**WHAT IS BEING ASKED**
Your task is to gather the lines below that hold the string "peak".

Data records
+---+

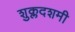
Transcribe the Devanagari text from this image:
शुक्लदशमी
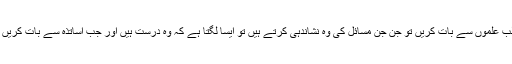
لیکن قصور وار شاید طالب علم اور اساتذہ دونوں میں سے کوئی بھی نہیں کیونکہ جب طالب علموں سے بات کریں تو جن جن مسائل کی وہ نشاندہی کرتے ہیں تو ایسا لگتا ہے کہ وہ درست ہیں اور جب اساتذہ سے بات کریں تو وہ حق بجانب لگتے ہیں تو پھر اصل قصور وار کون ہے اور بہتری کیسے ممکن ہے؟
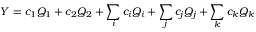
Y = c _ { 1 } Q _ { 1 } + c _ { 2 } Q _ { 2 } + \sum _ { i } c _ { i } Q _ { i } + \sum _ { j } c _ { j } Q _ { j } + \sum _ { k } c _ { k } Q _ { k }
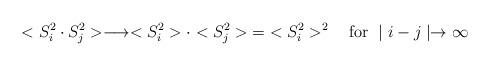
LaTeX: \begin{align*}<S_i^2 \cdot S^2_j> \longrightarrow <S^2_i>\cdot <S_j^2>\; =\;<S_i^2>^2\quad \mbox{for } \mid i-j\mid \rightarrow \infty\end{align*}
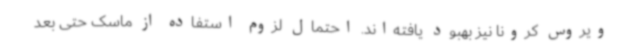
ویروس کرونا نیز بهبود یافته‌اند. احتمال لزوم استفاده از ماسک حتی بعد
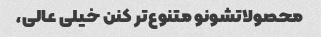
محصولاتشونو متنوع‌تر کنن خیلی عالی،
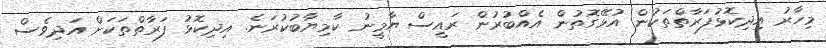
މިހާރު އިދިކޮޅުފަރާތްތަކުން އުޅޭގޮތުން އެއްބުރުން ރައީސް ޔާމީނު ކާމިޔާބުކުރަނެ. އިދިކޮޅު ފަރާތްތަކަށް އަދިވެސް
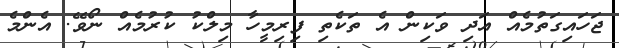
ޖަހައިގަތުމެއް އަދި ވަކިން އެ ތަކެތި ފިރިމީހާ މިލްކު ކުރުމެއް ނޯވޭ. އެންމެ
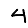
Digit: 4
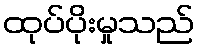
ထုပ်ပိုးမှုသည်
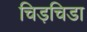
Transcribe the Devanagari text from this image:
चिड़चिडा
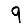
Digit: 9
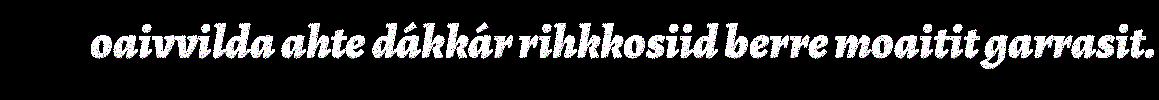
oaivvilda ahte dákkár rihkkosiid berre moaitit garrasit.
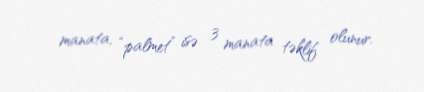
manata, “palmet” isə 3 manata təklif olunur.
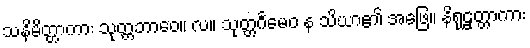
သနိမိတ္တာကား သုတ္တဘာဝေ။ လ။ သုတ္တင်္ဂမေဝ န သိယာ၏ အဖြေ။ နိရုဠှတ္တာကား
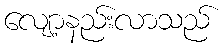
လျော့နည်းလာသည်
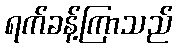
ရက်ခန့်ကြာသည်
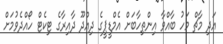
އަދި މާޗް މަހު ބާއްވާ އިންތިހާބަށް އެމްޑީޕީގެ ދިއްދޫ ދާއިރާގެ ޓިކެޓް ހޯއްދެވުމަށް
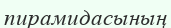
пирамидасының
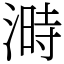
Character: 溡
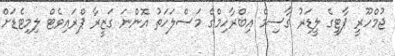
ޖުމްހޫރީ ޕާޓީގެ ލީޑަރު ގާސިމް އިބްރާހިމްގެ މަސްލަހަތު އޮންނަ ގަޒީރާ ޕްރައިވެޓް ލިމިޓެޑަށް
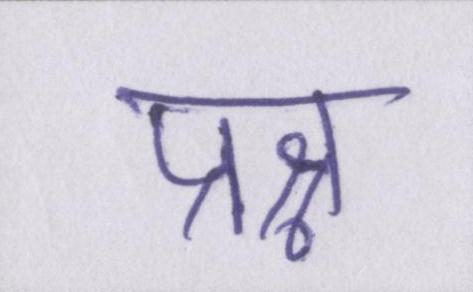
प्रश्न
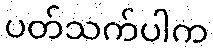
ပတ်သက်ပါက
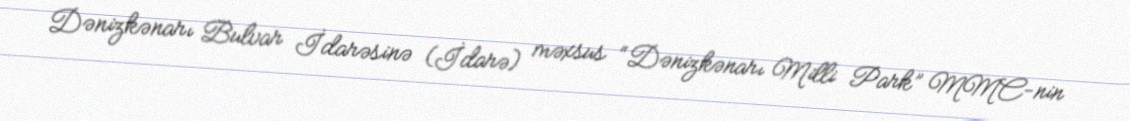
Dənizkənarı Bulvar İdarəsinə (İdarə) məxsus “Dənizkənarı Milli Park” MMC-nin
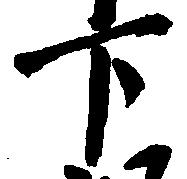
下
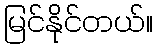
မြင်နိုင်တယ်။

+---+

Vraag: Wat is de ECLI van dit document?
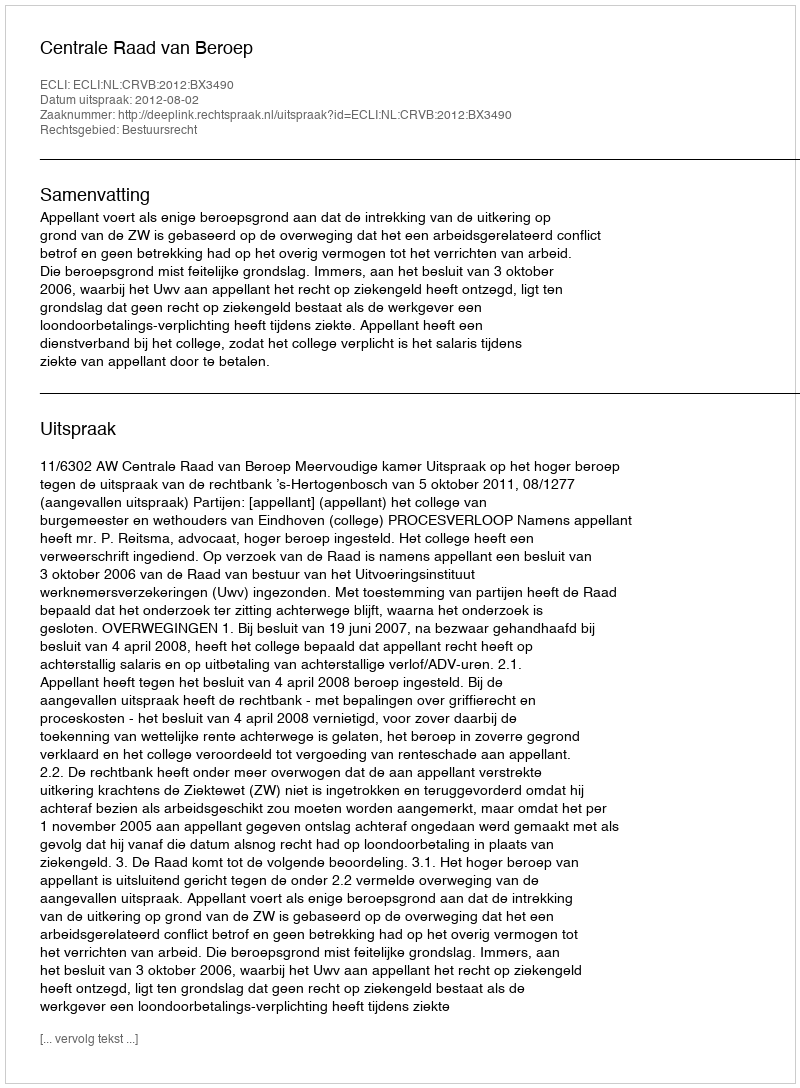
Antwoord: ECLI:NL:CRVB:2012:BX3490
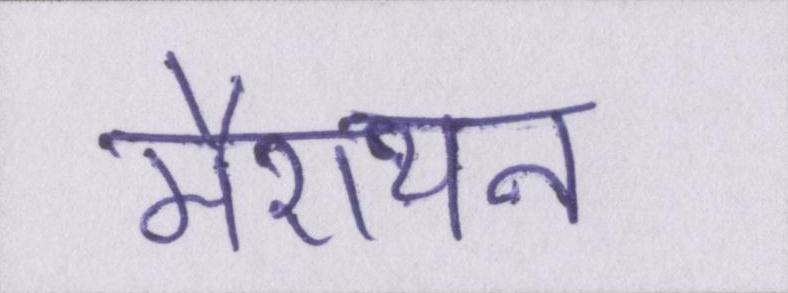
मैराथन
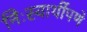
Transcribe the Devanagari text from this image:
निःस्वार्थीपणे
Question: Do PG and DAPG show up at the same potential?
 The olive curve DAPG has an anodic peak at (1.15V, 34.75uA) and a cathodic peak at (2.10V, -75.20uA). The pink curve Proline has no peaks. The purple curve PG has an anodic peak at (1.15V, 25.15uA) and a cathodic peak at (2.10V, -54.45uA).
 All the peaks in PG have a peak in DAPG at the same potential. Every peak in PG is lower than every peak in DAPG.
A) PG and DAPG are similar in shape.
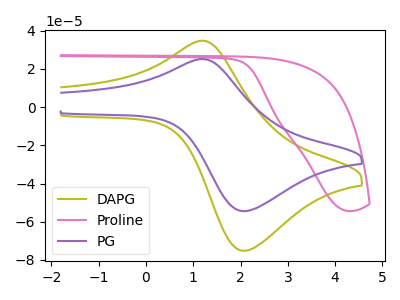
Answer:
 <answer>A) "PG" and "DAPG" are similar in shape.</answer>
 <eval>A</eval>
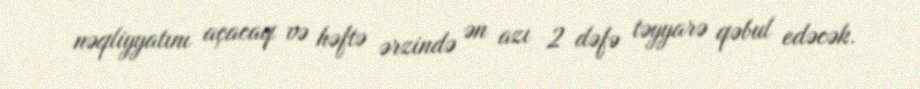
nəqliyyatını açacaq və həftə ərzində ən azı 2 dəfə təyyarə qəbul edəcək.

+---+

**RESPONSE AREA**
 The olive curve DAPG has an anodic peak at (1.15V, 34.75uA) and a cathodic peak at (2.10V, -75.20uA). The pink curve Proline has no peaks. The purple curve PG has an anodic peak at (1.15V, 25.15uA) and a cathodic peak at (2.10V, -54.45uA).
 All the peaks in PG have a peak in DAPG at the same potential. Every peak in PG is lower than every peak in DAPG.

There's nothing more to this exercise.